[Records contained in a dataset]
/---

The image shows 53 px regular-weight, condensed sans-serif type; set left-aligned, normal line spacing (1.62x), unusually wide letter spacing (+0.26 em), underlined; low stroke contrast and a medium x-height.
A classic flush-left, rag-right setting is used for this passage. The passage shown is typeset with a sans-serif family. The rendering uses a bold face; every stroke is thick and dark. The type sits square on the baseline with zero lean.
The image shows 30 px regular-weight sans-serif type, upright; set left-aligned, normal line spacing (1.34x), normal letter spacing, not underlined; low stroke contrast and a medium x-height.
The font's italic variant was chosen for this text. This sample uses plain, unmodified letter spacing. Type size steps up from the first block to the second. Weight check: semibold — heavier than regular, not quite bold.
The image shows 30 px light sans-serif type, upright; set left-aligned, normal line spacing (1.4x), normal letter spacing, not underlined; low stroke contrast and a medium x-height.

\---
/---

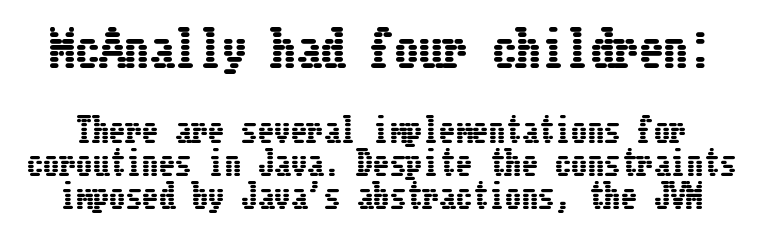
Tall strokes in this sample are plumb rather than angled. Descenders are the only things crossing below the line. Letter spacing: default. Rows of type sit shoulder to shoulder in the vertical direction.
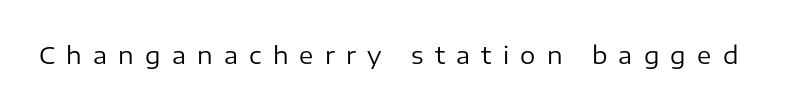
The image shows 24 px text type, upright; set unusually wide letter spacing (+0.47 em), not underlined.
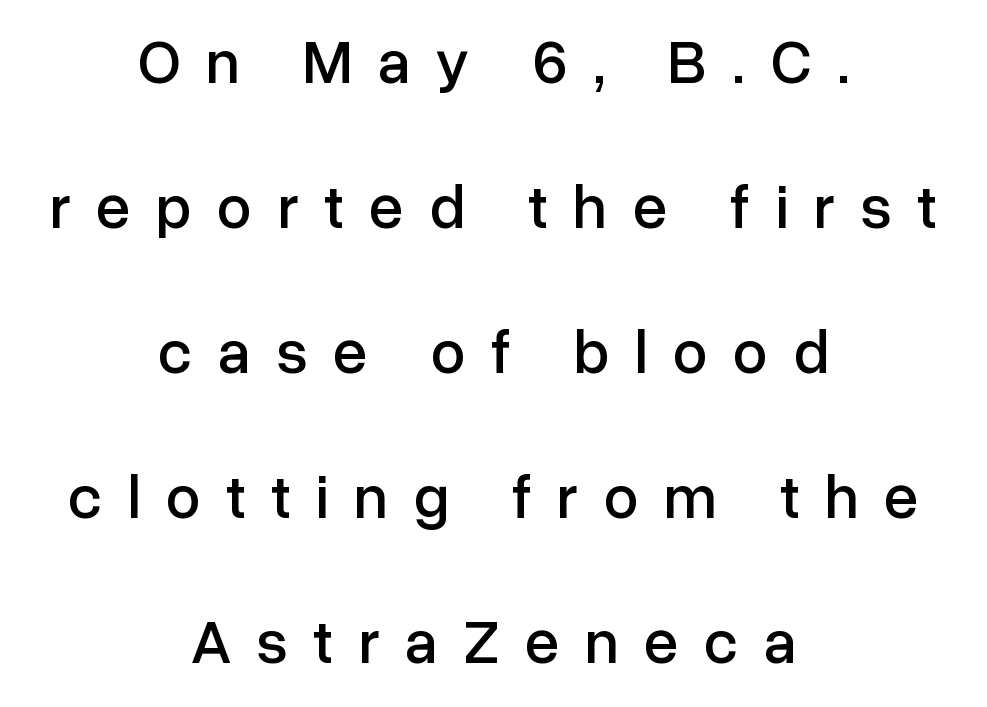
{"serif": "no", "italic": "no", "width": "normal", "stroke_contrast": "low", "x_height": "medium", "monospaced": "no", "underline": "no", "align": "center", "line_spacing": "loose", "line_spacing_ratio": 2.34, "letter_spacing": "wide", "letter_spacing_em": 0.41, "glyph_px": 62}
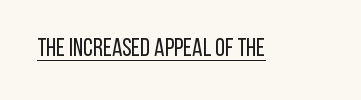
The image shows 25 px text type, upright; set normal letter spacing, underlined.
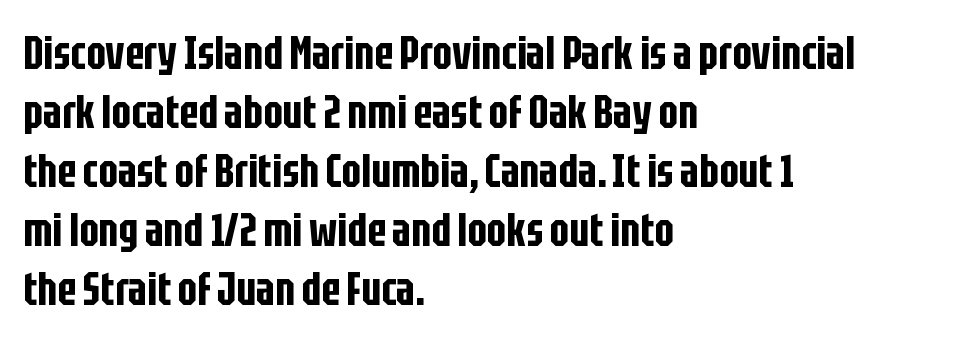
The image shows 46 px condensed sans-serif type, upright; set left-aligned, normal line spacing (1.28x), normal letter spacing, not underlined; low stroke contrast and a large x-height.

\---

### WHAT THE TASK REQUIRES
Print exactly, with no pictures, the lines above from the one that holds "The image shows 25" through the one that holds "The image shows 46", both of them included.

### RESULT
The image shows 25 px text type, upright; set normal letter spacing, underlined.
The image shows 46 px condensed sans-serif type, upright; set left-aligned, normal line spacing (1.28x), normal letter spacing, not underlined; low stroke contrast and a large x-height.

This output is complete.